Edgewood - John Lonsdale's garden with Cercis canadensis and different cultivars.

John is no longer just an ‘amateur hobbyist’ he has cleverly found a way of extending and doing what he loves and being paid for it - he is the Research Specialist at Longwood Gardens and is responsible for the trialling of new plants and seeing what would make good breeders for certain desired characteristics. He has been gardening Edgewood since 1995, his driveway before the gates to his house is lined with hardy mainly species Peonies and Hellebores that he has given away by the hundreds because they have almost become a weed. The garden is not very big —1.5 acres and one of its distinctive features is that it consists mainly of an incredibly steep bank filled from top to bottom with rarities and gems - a mixture of natives and related brethen from around the world all carefully selected.

Prosartes masculatum
Prosartes masculatum, one of countless many unusual plants at John T. Londale's garden.

Even the plants that I knew, there were interesting variants and cultivars of that I had never seen before. Ranging from Anemonella, Podophyllum, Epidmedium, Saruma henryi, Claytonia caroliniana, a rare bright orange C. virginica (they are usually white with thin pink stripes or magenta), Prosartes masculatum, Trillium, Corydalis, Erythronium, another area where Pulsatilla specifically featured, the new construction of a bog garden and much much more. He grows every species of Cyclamen bar one - Cyclamen somalense (there are about 23 species), which is fair enough considering the latter’s hard to access locale in the high altitudes of Al Miskat mountains in Northeast Somalia and with only about three in cultivation in the world. He had wild collected a lot of the seeds and had grown them on himself. I felt like a layman in a connoisseur’s banquet of exquisite flavours.

Pulsatilla at John Lonsdale garden.

On the slope it was the first time that I got to appreciate looking up and under the legs of certains plants that I am usually use to looking down on as ground cover and having their flowers dangle down above me for a change or at eye level where I could see them better like Solomon’s Seal (the native one here is Polygonatum biflorum) and Uvallaria grandiflora.
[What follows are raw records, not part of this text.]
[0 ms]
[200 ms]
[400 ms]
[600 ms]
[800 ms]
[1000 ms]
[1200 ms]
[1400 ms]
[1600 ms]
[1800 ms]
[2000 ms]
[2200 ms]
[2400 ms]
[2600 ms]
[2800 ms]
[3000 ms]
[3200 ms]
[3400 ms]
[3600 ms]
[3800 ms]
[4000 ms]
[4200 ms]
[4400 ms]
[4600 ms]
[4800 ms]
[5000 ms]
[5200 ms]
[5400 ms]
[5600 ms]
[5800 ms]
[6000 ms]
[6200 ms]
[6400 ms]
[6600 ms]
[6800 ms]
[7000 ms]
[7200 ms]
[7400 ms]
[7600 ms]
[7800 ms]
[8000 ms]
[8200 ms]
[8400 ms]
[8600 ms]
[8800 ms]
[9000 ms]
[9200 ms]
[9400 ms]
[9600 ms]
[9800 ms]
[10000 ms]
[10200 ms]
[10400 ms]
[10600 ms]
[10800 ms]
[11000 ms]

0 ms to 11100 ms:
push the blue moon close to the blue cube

Of course all this grows quite differently here, they do not have the same slug problems as we do because the winters are too cold for them and it is not as wet, so Trillium and Hosta can grow happily unscathed. In England seeing the odd straggly pathetic American Trillium grown and half eaten. I had often wondered whether it was worth the seemingly loads of effort. But in their homeland environment they grow effortlessly. Even the trees grow differently pushing higher and taller quicker; I had always thought Cornus florida was not so hardy and that is why we don’t grow them in the UK, but turned out that it was quite the contrary, it was that we were missing the really hot heat that helps their wood ripen and fortify them against the really cold winters.

Phlox divericata at Shenk's Ferry Wildflower Preserve.
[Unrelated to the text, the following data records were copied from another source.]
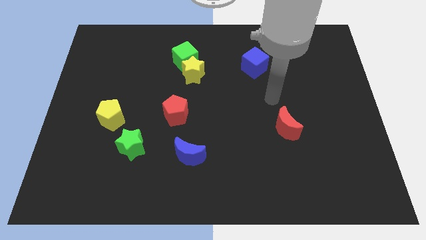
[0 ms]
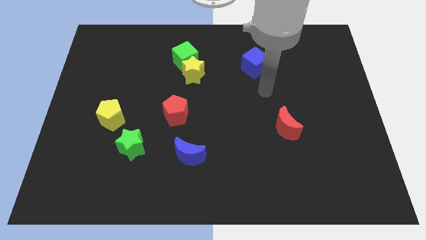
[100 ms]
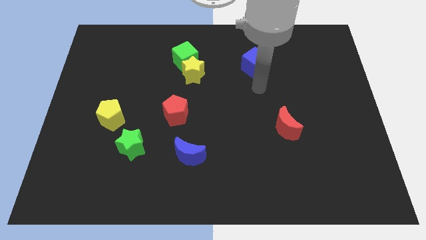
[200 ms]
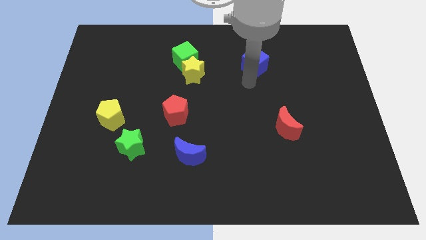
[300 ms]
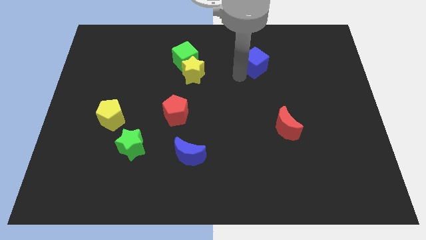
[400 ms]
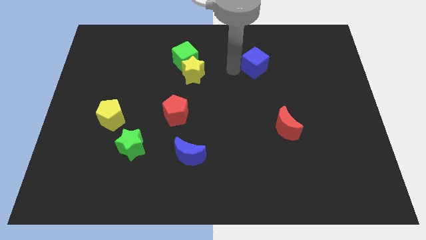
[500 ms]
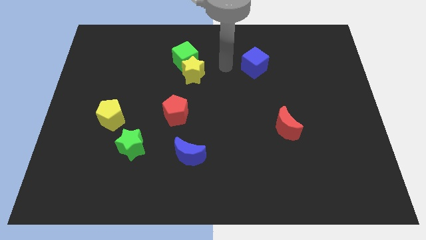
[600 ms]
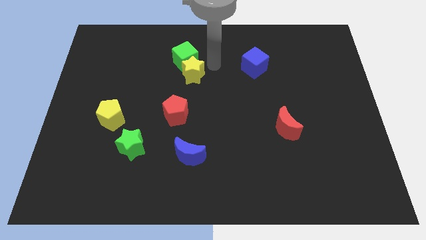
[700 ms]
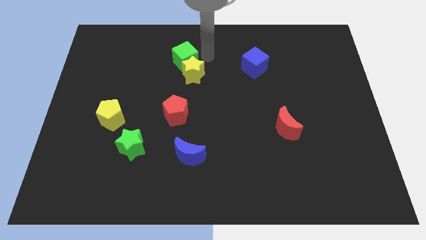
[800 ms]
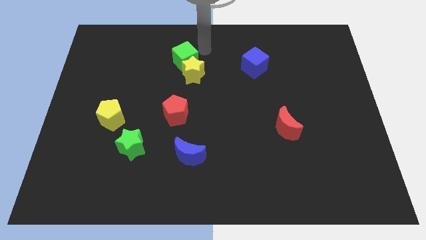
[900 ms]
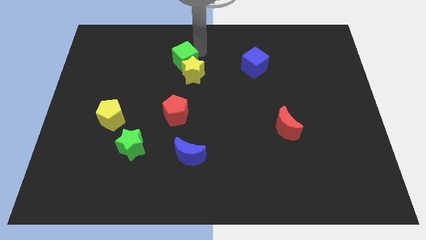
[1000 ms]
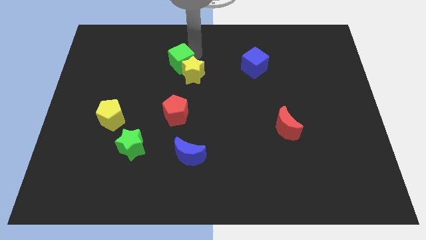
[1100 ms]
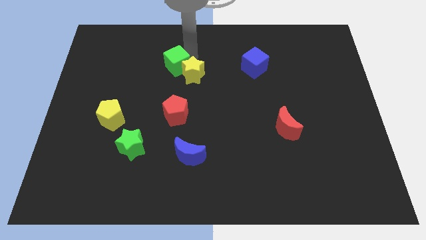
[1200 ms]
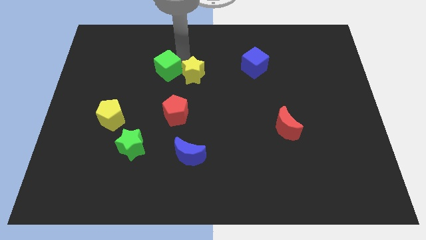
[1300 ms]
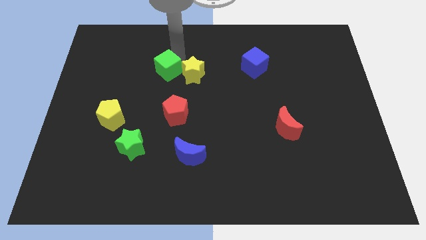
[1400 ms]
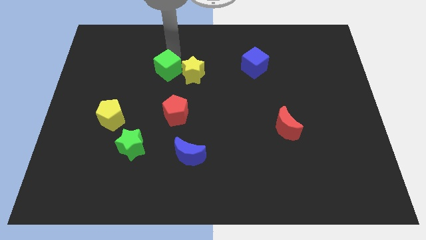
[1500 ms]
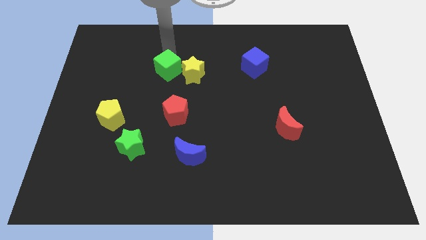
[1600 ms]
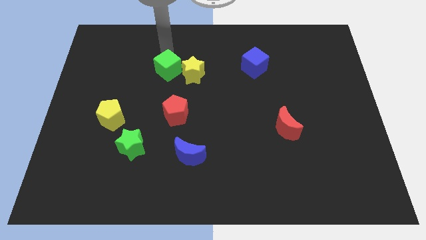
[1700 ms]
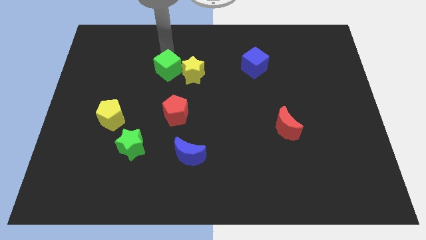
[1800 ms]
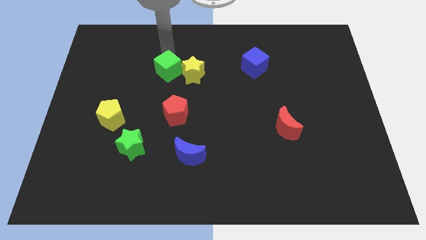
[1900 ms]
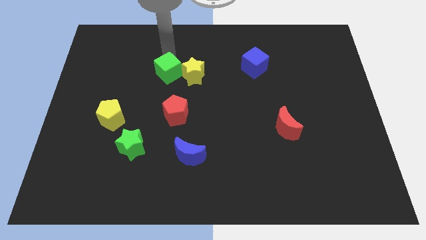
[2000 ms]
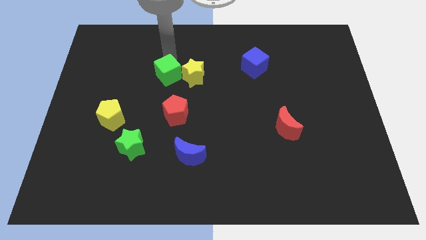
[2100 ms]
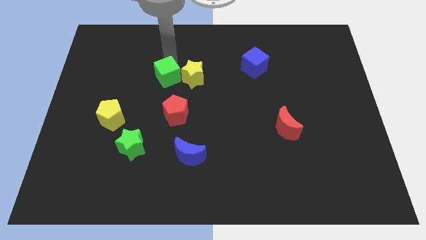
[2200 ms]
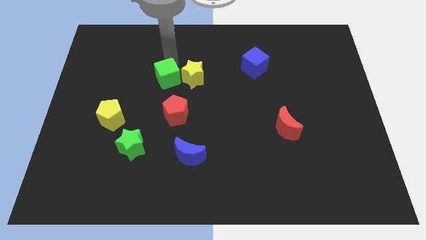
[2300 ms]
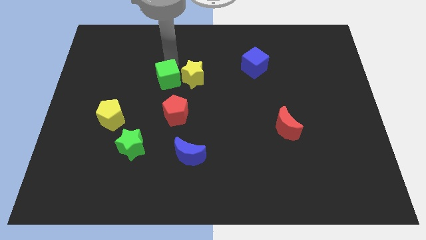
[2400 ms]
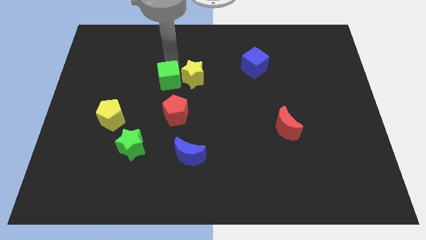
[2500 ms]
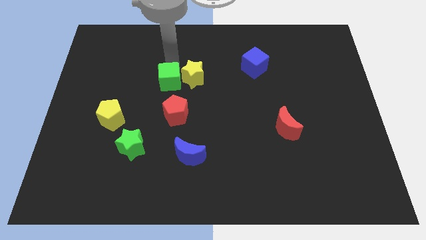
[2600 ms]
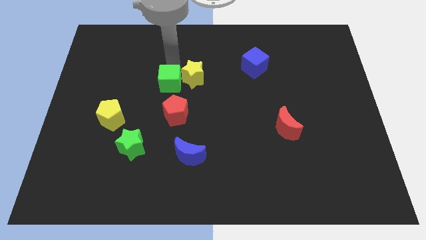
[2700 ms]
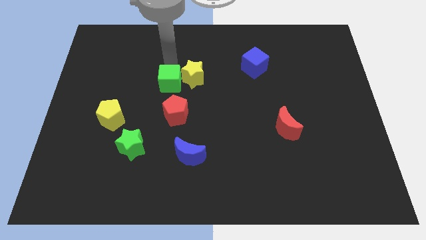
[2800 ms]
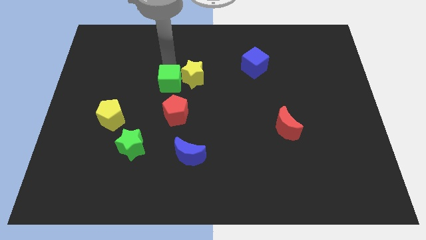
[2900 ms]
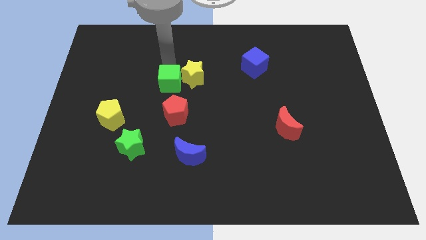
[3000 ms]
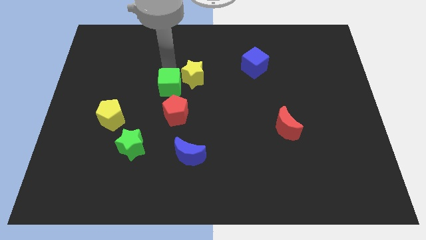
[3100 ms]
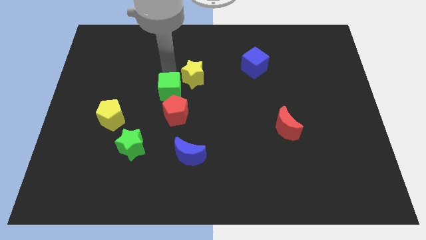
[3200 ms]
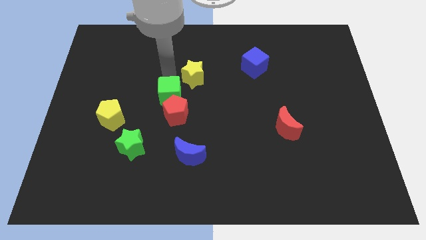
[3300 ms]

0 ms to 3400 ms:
push the green cube towards the red pentagon

The pièce de résistance of the spring climax for me was going to see wildflower preserve Shenk's Ferry. Every year gardeners and wildflower lovers make a pilgrimage to this site. Seeing these type of flowers in the garden is one thing, but seeing it colonise so well in the wild is phenomenal.

Trilliums literally fills banks and banks at Shenk's Ferry.
Some of the treats of the feast on display are Hepatica acutiloba, Aquilegia candensis, Mitella diphylla, Anemonella thalictroides, Trillium grandiflorum and T. flexipes, Dicentra cucullaria and D. canadensis, Saxifraga virginiensis, Viola bicolor/ Viola blanda (white ones), V. pubescens var. scabriuscula and V. eriocarpa (yellow ones), Phlox divericata, Hydrophyllum virginianum, Asarum canadense, and Packera aurea.

Seeing Aquilegia canadensis growing like this on rocks at Shenk's Ferry reminded me why it is important to see plants in the wild. Having only seen it in a garden context I did not imagine that they could grow like this and could well be in a rock garden as well as a border.